Plowshares to swords

Plans to boost continental defenses have already drawn criticism, notably from those on the left who stress the importance of preserving the welfare state to avoid populist backlash. 

“While military expenditures no longer know fiscal limits, social benefits and support for parental leave are already on the chopping block,” economists Tom Krebs and Isabella Weber argued in a column for Project Syndicate. “This is bound to further fuel dissatisfaction.” 

The United Kingdom’s Labour government is a straw in the wind. It recently announced £4.8 billion in welfare cuts even as it boosted defense spending by £2.2 billion. 

It’s not all pain. Military spending will give the economy a short-term boost. Defense contractors’ revenues will rise, manufacturing jobs will increase, and workers’ wages will cycle back into the economy. Daniel Kral, lead economist at Oxford Economics, said the scale of the plans is so huge that they could help “break Europe out of stagnation through domestic demand-led growth.” 

French President Emmanuel Macron has called on governments to replace U.S. Patriot missiles and F-35s with European alternatives like SAMP/T systems. | Joe Klamar/AFP via Getty Images

But while the production of guns and bombs is counted in GDP figures, there is no long-term productivity boost from landmines that just lie in the ground, or howitzers under wraps in barracks. They may guarantee the system that generates GDP by protecting it from invasion, but their contribution to the final numbers is unquantifiable.

That’s a problem, given that Europe’s rearmament plans are going to be funded largely through debt. Government debt is already high, and adding to it could very well damage the economy in the long run. 

Choices, choices

One way to square the circle is to invest smarter. To keep as much value in Europe as possible, the bloc will need to develop the products itself that it currently buys from the U.S. — and do so without further antagonizing a protectionist White House. More than half of European spending on procurement flows to U.S. firms.

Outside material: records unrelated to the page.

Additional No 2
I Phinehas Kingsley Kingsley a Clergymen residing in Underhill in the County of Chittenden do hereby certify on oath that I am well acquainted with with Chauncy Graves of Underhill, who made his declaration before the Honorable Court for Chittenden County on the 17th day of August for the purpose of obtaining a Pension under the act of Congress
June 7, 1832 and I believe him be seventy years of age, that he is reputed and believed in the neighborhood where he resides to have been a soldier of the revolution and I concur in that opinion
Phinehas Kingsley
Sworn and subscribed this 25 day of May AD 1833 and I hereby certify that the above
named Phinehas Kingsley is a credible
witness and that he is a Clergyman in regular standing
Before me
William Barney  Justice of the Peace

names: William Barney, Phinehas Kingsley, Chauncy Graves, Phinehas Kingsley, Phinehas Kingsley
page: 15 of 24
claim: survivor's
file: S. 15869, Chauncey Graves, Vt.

French President Emmanuel Macron has called on governments to replace U.S. Patriot missiles and F-35s with European alternatives like SAMP/T systems and Rafale jets. The Berlaymont is explicitly backing local industry as part of its rearmament efforts.   

But front-line countries like Poland or Finland want to prioritize immediate needs — even if that means buying from the U.S., South Korea or Israel.  

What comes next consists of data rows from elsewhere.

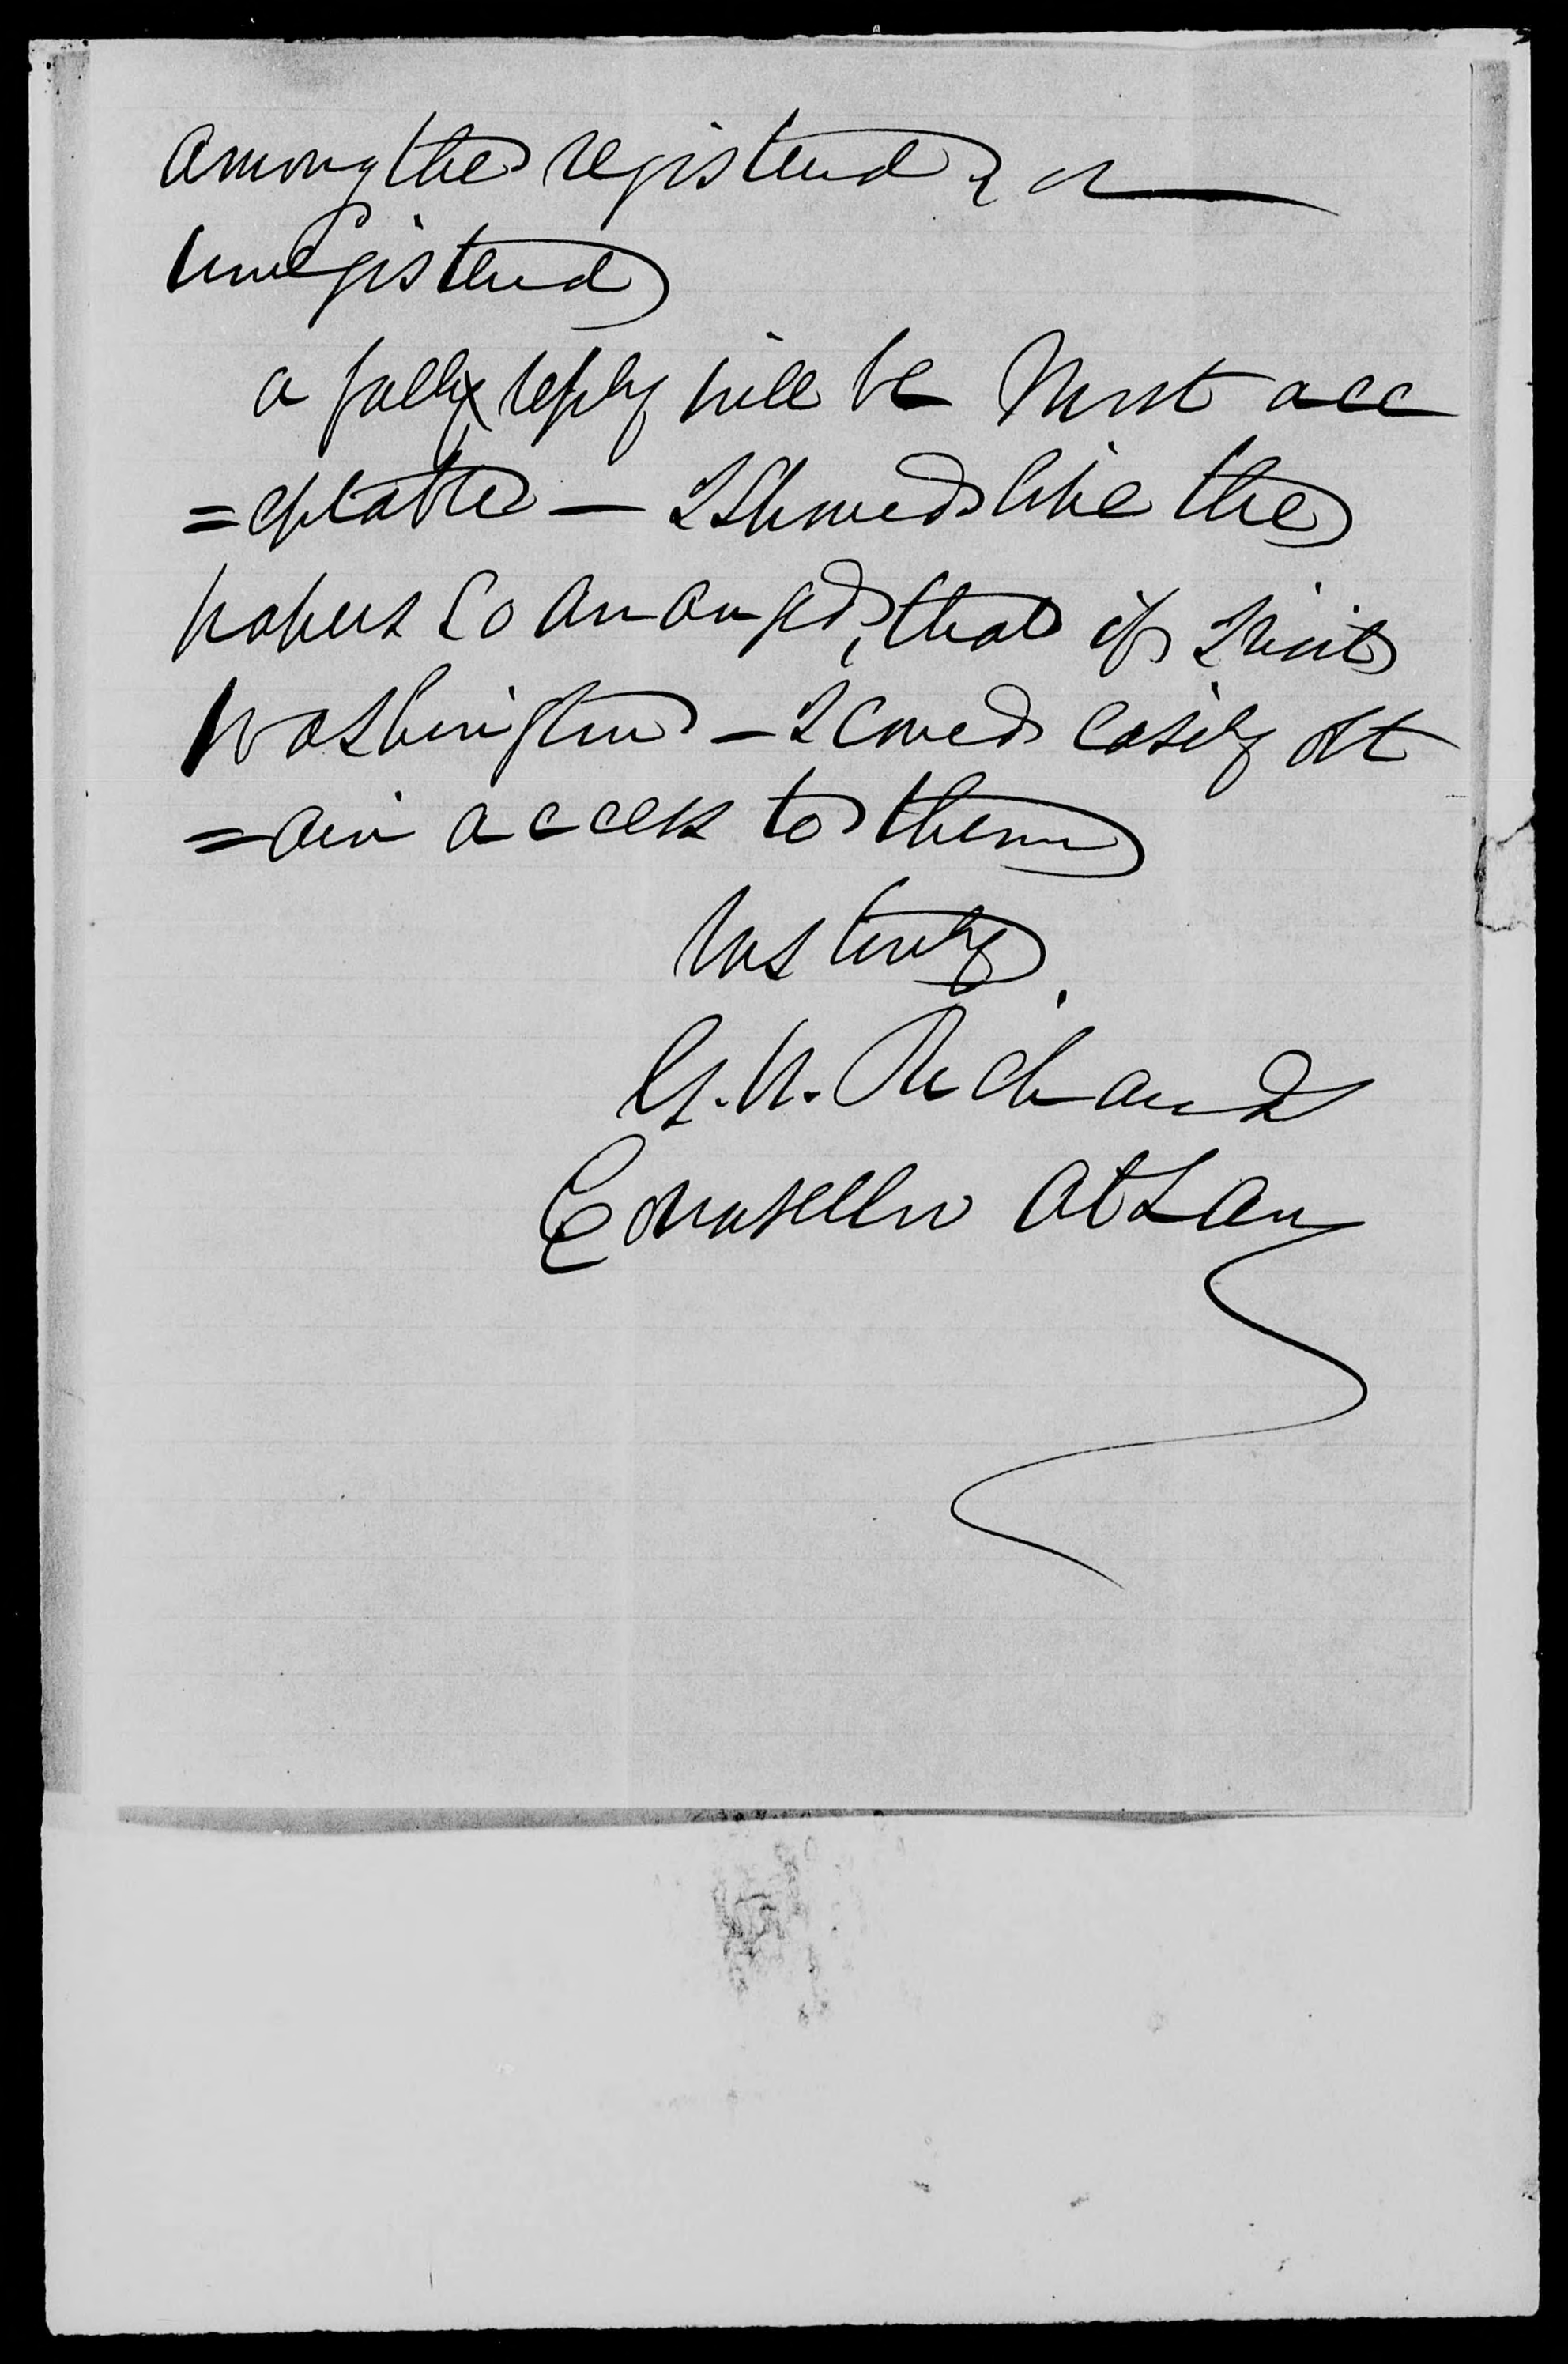among the registered or
unregistered

a fully reply will be most acceptable [illegible] like the papers Loanan, that if [illegible] Washington. I loved [illegible] [illegible]
 obtain access to them

Lasterly, 
G.H. Richards
Counsellor At Law

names: G N Richards
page: 23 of 32
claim: rejected
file: R. 2795, Jesse Dazey, Del.

“The Baltics see fire, Central Europe sees smoke, everyone else doesn’t see anything,” said one European diplomat who asked to remain anonymous to speak candidly.

At present, too much of Europe’s defense spending goes to entrenched, slow-moving national champions. By contrast, Ilzetzki’s paper describes how the U.S. Department of Defense promotes competition through dual sourcing — purchasing weapon systems from more than one company at once to encourage competition. Often these tenders are more open-ended: Rather than favoring a certain technology with very fixed specifications that in effect favors established players, it will put out a call for open-ended solutions to a certain military problem. 

Such tenders “reached a broader set of firms that are smaller, younger, and more technology-oriented … [and] also led to more patents and dual-use spillovers,” the Kiel report reads. 

Partly because of that, about 16 percent of U.S. military spending goes to R&D, compared to only 4.5 percent in Europe. That helps U.S. companies keep their technological edge and makes them more likely to invent something useful in civilian life.

As such, to succeed in the long run, any coordinated European rearmament push will require capitals to do more to embrace new entrants — many more nimble and at the technological frontier, said Dan Breznitz, an expert in state-run innovation policy at the University of Toronto.  

“You need to be able to disrupt the system,” he said. “You need to have an understanding that there will be new players. And some of those new players will become the new giants. And that’s what may be something that I’m not sure that the EU is very good at doing, to be honest.”